A very singular degree of violence even took place in Rome, in the method used to secure the persons of those against whom a legal demand was preferred. In England, the way to seize a man under such circumstances is by means of a public officer, supplied with a writ or order for that purpose, supposed to be directed to him (or to the sheriff his employer) from the king himself. But, in Rome, every one became a kind of public officer in his own cause, to assert the prætor's prerogative; and, without any ostensible legal license or badge of public authority, had a right to seize by force the person of his opponent, wherever he met him. The practice was, that the plaintiff first summoned the person sued with a loud voice, to follow him before the court of the prætor.* When the defendant refused to obey such summons, the plaintiff, by means of the words licet antestari? requested the bystanders to be witnesses of the fact; as a remembrance of which he touched the ears of each of them; and then proceeded to seize his opponent, by throwing his arms around his neck (obtorto collo), thus endeavouring to drag him before the prætor. When the person sued was, through age or sickness, disabled from following the plaintiff, the latter was directed by the law of the Twelve Tables to supply him with a horse (jumentum dato).
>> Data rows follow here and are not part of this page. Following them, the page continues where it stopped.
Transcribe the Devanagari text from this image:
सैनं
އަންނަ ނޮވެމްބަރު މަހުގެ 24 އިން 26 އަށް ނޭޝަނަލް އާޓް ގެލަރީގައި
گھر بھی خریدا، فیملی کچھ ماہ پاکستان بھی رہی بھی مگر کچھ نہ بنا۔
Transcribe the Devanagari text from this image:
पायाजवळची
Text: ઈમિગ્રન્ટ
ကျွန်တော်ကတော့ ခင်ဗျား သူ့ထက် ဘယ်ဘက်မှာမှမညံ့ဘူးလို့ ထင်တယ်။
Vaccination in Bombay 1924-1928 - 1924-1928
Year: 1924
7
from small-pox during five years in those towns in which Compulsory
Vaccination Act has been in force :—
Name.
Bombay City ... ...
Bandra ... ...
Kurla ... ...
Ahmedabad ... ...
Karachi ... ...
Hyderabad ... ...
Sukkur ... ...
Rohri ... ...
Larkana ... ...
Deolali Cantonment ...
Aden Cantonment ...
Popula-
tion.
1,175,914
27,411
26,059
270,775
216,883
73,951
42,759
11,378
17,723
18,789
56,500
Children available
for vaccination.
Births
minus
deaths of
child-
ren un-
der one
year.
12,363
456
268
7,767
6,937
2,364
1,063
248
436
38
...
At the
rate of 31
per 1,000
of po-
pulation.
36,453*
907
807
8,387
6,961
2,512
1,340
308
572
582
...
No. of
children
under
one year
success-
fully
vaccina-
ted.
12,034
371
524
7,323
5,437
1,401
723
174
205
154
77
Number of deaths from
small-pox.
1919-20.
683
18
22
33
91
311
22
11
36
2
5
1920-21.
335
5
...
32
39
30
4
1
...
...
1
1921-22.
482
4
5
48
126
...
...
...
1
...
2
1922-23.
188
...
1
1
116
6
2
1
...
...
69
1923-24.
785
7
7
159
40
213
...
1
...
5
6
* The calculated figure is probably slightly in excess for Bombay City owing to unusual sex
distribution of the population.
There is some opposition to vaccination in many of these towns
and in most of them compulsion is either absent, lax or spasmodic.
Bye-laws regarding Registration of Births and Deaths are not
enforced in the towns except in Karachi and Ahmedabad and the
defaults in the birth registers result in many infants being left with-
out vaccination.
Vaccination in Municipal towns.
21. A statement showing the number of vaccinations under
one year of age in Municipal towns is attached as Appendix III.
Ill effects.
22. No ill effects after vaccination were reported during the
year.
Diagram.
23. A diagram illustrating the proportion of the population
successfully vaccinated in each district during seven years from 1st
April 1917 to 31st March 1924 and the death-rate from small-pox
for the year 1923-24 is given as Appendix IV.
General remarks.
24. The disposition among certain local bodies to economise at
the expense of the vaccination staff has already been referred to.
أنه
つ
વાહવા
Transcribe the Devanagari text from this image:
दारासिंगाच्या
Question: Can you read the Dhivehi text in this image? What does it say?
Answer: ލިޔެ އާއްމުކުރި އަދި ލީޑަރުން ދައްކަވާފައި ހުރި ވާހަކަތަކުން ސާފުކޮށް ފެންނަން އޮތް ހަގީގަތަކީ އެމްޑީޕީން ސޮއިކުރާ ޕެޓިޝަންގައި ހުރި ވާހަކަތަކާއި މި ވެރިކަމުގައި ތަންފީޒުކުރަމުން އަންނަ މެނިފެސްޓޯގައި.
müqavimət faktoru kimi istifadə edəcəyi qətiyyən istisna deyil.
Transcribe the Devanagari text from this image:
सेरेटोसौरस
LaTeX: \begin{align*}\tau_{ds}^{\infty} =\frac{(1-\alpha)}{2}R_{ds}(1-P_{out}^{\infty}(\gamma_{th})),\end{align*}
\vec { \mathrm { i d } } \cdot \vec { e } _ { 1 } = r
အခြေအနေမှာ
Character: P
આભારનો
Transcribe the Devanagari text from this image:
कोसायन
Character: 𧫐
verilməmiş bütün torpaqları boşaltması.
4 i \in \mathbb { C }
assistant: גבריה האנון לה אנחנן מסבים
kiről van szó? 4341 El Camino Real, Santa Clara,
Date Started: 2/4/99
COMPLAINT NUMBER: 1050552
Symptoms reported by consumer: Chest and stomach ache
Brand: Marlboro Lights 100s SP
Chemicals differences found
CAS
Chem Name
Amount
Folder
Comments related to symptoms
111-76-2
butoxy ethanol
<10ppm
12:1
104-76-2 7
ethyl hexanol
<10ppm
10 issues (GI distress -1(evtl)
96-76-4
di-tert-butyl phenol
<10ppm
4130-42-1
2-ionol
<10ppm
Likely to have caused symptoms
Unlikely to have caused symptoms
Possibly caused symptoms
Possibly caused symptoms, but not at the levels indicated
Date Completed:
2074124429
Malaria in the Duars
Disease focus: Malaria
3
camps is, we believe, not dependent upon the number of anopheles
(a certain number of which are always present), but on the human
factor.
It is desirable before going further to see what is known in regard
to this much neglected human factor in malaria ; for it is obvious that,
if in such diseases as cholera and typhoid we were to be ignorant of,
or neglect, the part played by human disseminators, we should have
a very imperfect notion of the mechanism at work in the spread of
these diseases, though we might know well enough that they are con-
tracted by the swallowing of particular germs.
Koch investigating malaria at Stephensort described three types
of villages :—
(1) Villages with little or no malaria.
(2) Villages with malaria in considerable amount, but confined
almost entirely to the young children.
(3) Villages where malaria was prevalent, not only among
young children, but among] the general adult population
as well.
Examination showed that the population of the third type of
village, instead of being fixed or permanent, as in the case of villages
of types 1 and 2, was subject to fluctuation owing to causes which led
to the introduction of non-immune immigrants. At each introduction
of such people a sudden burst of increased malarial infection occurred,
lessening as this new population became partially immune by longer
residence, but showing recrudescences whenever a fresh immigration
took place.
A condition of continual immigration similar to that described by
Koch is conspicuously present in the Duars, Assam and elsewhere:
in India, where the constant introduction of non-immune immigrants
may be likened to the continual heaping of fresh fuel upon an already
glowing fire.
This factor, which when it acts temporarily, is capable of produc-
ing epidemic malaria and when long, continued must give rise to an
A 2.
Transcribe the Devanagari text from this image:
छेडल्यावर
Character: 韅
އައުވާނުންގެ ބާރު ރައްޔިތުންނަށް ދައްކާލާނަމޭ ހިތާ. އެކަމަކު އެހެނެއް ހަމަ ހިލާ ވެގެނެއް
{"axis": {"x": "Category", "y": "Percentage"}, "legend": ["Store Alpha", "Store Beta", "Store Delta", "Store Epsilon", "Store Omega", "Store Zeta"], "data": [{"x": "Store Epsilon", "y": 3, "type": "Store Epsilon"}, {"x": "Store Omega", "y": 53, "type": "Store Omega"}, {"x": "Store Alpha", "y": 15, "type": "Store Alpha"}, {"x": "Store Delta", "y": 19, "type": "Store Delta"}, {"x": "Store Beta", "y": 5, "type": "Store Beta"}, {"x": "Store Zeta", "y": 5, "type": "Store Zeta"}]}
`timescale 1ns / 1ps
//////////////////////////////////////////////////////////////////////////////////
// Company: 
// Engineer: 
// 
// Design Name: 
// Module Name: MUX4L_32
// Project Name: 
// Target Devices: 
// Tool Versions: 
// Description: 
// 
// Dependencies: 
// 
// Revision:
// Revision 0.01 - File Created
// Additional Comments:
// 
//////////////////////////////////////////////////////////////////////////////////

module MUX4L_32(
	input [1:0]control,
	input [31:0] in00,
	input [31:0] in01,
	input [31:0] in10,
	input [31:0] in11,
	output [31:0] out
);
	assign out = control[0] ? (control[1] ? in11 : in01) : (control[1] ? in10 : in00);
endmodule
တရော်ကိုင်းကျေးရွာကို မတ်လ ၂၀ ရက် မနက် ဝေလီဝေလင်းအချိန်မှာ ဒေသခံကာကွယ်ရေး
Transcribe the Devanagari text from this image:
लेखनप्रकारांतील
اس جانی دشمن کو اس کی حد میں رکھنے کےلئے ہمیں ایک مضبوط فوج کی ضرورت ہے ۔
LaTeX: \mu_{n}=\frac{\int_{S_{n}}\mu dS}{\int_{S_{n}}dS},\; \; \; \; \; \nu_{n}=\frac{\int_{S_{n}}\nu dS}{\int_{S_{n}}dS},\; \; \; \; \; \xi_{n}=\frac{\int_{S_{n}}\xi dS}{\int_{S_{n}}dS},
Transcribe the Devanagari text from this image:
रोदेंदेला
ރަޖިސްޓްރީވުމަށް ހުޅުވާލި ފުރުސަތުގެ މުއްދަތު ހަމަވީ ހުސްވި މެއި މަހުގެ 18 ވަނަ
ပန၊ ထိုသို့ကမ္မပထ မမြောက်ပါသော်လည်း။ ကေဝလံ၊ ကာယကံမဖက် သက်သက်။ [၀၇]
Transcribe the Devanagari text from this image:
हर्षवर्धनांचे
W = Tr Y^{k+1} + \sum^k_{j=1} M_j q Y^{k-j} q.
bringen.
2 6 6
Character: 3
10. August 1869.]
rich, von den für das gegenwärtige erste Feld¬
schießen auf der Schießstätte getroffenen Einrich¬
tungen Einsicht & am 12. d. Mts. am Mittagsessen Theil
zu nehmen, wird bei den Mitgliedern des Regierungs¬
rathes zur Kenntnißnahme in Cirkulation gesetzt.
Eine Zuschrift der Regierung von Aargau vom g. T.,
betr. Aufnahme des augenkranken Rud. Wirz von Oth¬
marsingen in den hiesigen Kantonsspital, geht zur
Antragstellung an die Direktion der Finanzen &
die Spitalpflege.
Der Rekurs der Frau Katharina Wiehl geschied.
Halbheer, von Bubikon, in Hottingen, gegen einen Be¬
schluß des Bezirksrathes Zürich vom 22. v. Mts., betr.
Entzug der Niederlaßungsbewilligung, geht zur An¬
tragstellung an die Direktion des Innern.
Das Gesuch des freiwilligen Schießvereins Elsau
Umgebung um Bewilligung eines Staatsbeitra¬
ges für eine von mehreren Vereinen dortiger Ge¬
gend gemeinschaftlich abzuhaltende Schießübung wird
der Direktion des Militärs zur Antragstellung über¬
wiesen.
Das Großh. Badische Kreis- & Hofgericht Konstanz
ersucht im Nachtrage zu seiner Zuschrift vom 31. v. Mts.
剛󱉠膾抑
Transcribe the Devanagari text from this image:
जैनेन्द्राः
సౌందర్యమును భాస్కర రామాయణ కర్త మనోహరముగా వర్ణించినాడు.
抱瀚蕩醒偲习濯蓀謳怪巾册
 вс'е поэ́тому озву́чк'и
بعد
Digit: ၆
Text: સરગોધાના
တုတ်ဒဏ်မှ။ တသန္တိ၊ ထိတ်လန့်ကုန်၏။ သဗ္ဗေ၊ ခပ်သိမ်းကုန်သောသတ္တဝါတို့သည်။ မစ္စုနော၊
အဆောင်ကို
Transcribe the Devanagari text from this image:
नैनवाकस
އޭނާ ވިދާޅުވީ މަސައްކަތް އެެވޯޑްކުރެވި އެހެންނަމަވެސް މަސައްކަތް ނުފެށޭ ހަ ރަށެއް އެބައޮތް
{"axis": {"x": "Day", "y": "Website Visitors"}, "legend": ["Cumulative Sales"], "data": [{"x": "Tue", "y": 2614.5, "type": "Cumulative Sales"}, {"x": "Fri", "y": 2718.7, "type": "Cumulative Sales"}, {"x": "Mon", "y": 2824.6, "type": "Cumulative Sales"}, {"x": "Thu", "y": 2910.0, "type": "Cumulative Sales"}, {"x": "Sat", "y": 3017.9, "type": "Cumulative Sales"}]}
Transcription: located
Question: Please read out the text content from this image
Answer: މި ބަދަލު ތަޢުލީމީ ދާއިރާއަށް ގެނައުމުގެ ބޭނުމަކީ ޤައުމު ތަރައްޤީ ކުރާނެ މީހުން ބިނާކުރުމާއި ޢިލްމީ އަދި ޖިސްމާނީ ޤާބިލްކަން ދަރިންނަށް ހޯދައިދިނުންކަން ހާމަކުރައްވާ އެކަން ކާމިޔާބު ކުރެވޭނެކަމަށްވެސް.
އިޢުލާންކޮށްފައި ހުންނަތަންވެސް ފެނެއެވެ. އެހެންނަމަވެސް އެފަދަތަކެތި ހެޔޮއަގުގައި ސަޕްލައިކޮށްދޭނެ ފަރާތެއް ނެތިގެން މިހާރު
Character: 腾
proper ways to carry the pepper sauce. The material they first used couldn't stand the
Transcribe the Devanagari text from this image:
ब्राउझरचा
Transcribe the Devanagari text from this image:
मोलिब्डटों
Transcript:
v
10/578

The above method of proceeding was, however, in aftertimes mitigated, though very late and slowly. In the first place, it became unlawful to seize a man in his own house, as it was the abode of his domestic gods. Women of good family were in time protected from the severity of the above custom, and they could no longer be dragged by force before the tribunal of the prætor. The method of placing a sick or aged person by force upon a horse seems to have been abolished during the later times of the republic. Emancipated sons, and freed slaves, were afterwards restrained from summoning their parents, or late masters, without having expressly obtained the prætor's leave, under the penalty of

* Ad tribunal sequere, in jus ambula.